We took the opportunity to visit the castle: it didn't delay us long, but it was a very splendid ruin, and provided fine views of the path ahead. I don't know why we didn't take the time to visit last time, except that we had a long way to go and I had the impression it was more of a detour than it was. On the other hand, the path to Dysart was as agreeable as I had remembered (this time with the bonus of a piper playing what we eventually identified as the Freedom Come All Ye) but much shorter. Emerging onto the harbour was still good, though the blue skies and high tide had made for a prettier picture.
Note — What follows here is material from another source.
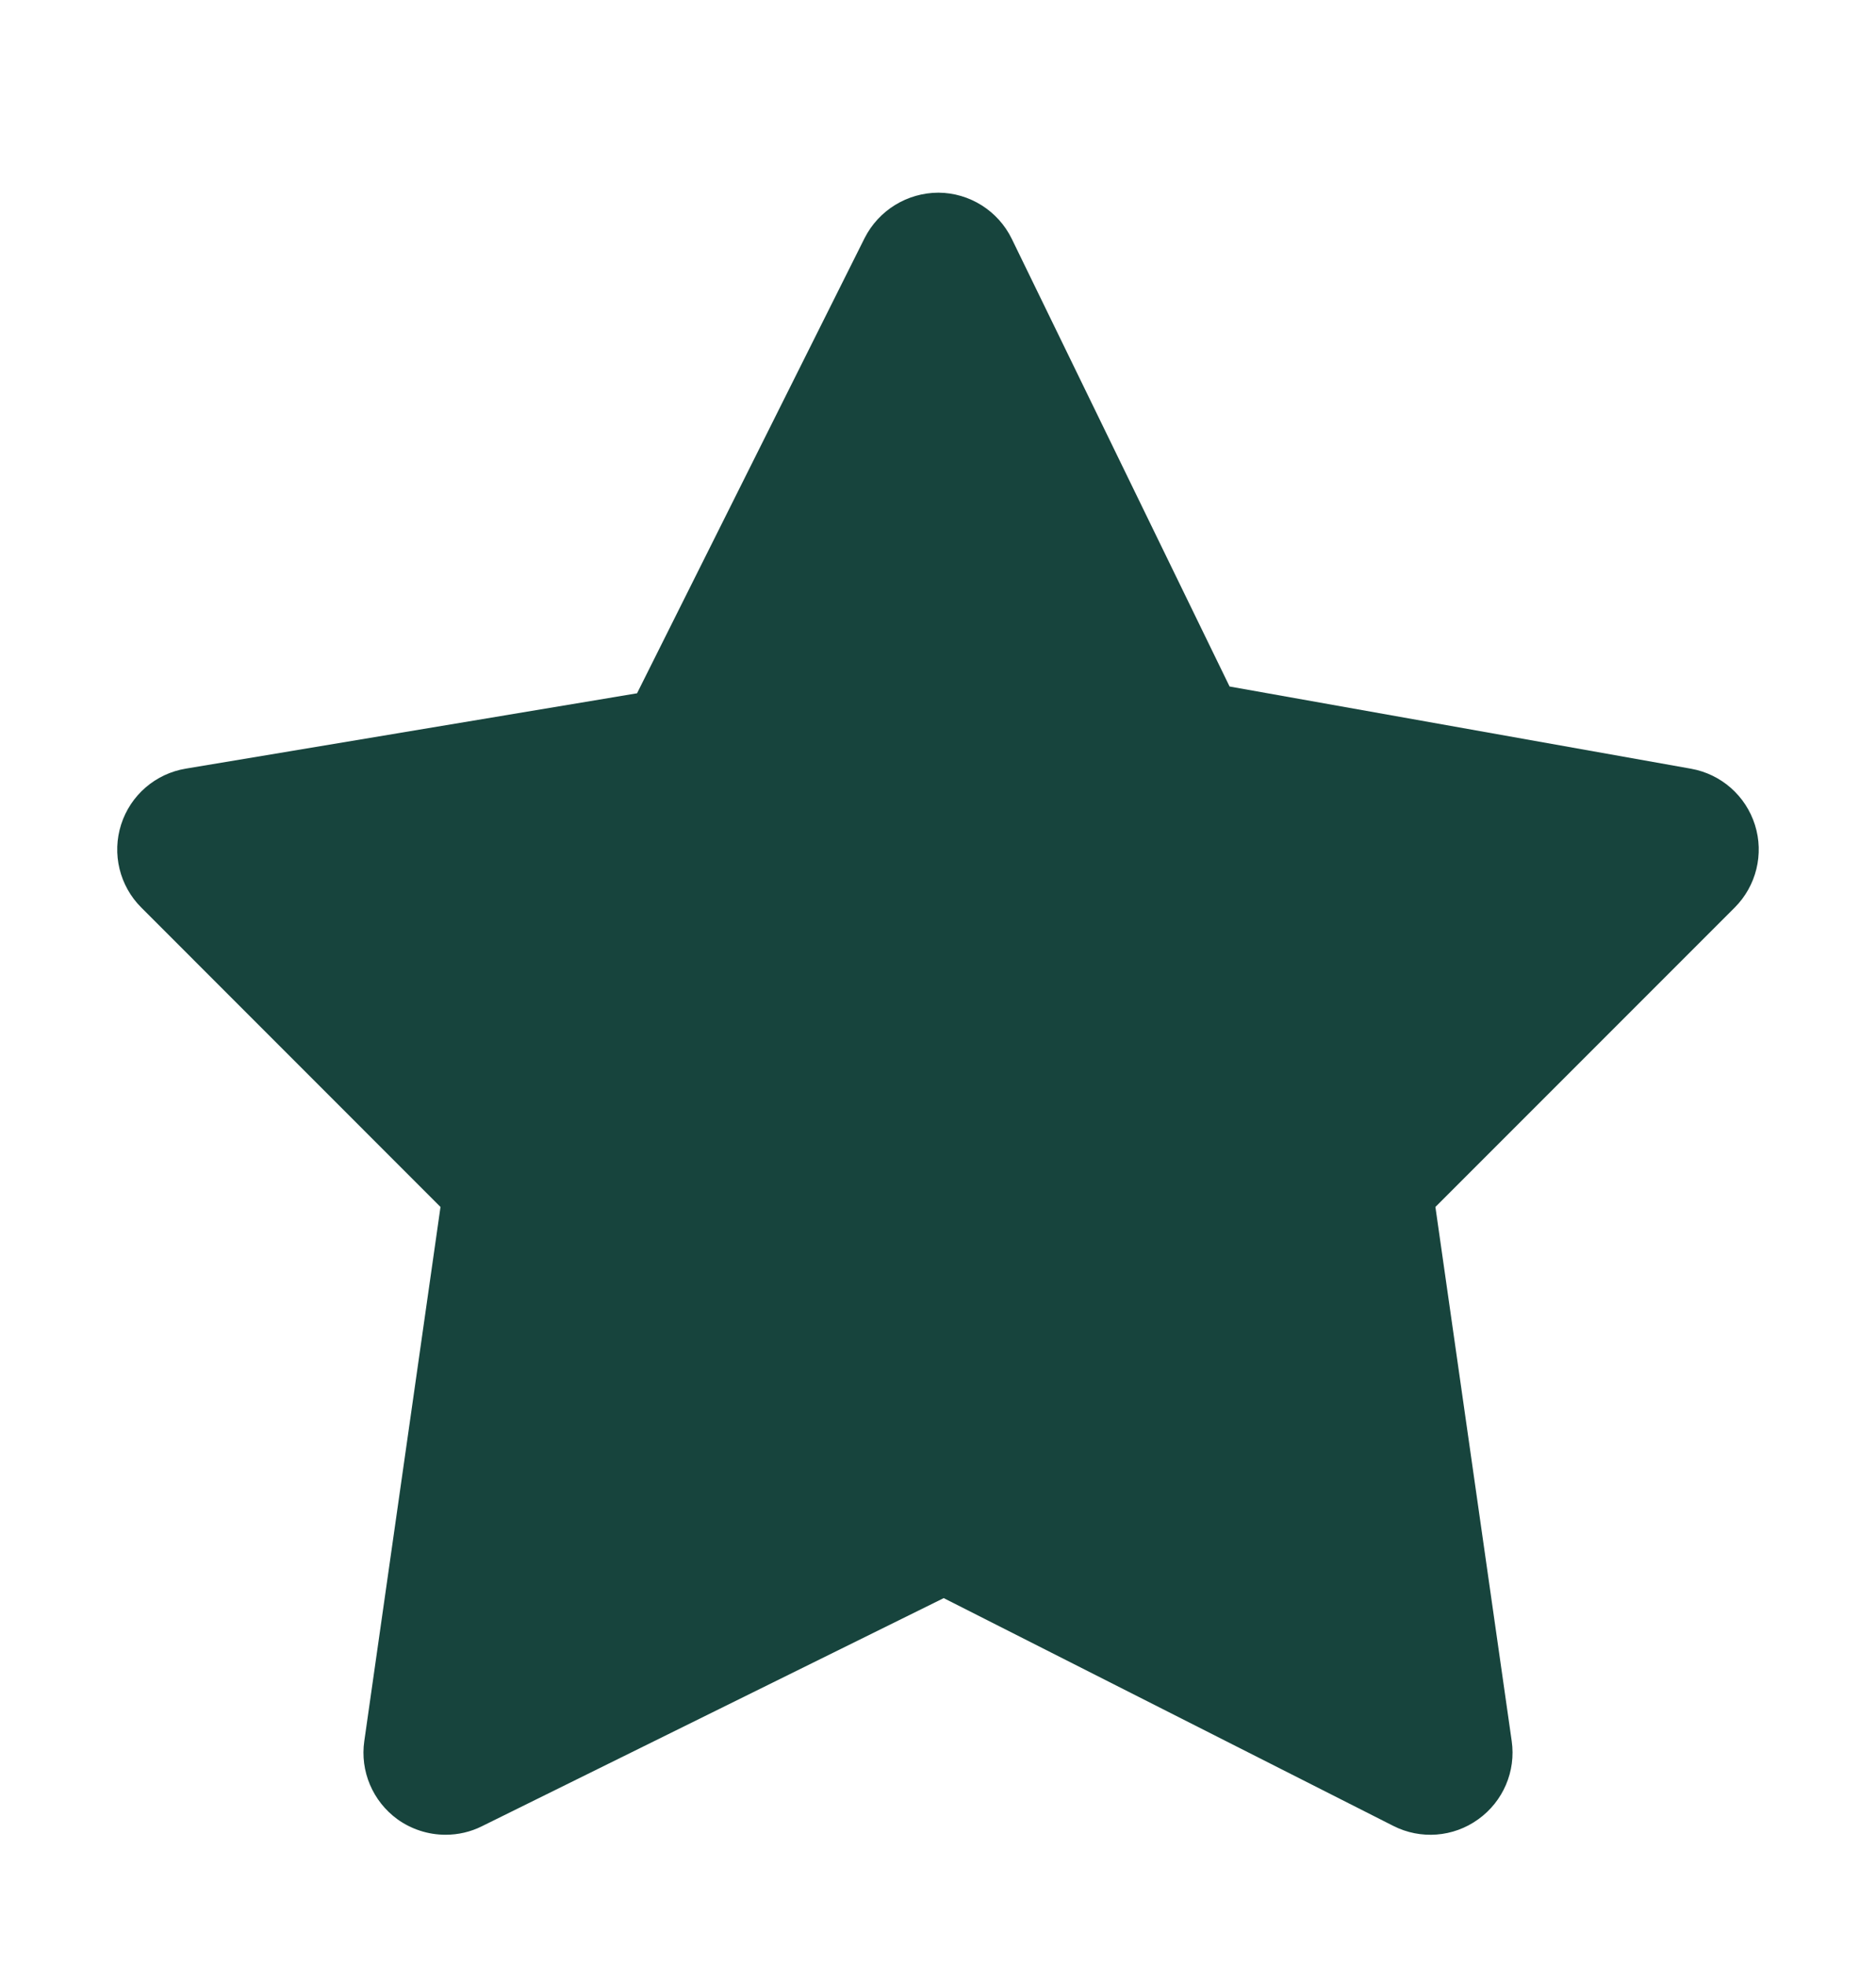 <svg width="21" height="22" viewBox="0 0 21 22" fill="none" xmlns="http://www.w3.org/2000/svg">
<path d="M4.988 20.531C4.794 20.531 4.605 20.47 4.448 20.357C4.172 20.156 4.029 19.819 4.078 19.482L4.931 13.506L1.582 10.156C1.338 9.913 1.251 9.554 1.356 9.226C1.461 8.898 1.741 8.657 2.08 8.601L7.131 7.758L9.678 2.665C9.836 2.353 10.155 2.157 10.505 2.156C10.854 2.158 11.173 2.359 11.326 2.673L13.764 7.682L18.929 8.602C19.266 8.662 19.542 8.904 19.645 9.231C19.748 9.557 19.66 9.914 19.418 10.156L16.068 13.506L16.922 19.482C16.971 19.821 16.826 20.159 16.546 20.359C16.268 20.559 15.902 20.587 15.597 20.432L10.564 17.883L5.394 20.436C5.268 20.499 5.129 20.531 4.988 20.531Z" fill="#17443D"/>
</svg>

After lunch at the Harbourmaster's House we walked Dysart's town trail in reverse order. I remember reading the boards about the Dysart Artworks, four pieces of contemorary art recently installed: but how could I not have seen Donald Urquhart's 'Sea Beams', a set of upright timbers painted a selection of tasteful shades of blue? On this visit, they struck my eye as son as we entered the town, yet I had no memory of them at all.

Crossword


It's less surprising that - as we pursued our journey along the coast - we didn't see some of Dysart's splendid buildings (like all these Fife towns, it has an impressive tollbooth), or realise that the park where we had started our walk continues, and becomes a beautiful - and beautifully maintained - arboretum. This is the setting for another of the artworks, Alec Finlay's 'Nest Boxes', a dozen nesting boxes each bearing a crossword clue. What I liked about this was that it gave us a focus to walk around the arboretum looking at the trees. By the time we had had enough, we had round half a dozen of the clues, and solved three of them (sample: 'Bird on board' = 'rook'; no wonder they didn't have the cheek to attach one to the monkey puzzle!).

And home via the Co-op, cups of tea, dinner, the internet - where does the evening go?

I would like to record that last night's strawberries, bought from the farm shop as 'Pittenweem Strawberries' were among the best I have ever tasted, despite also being among the biggest.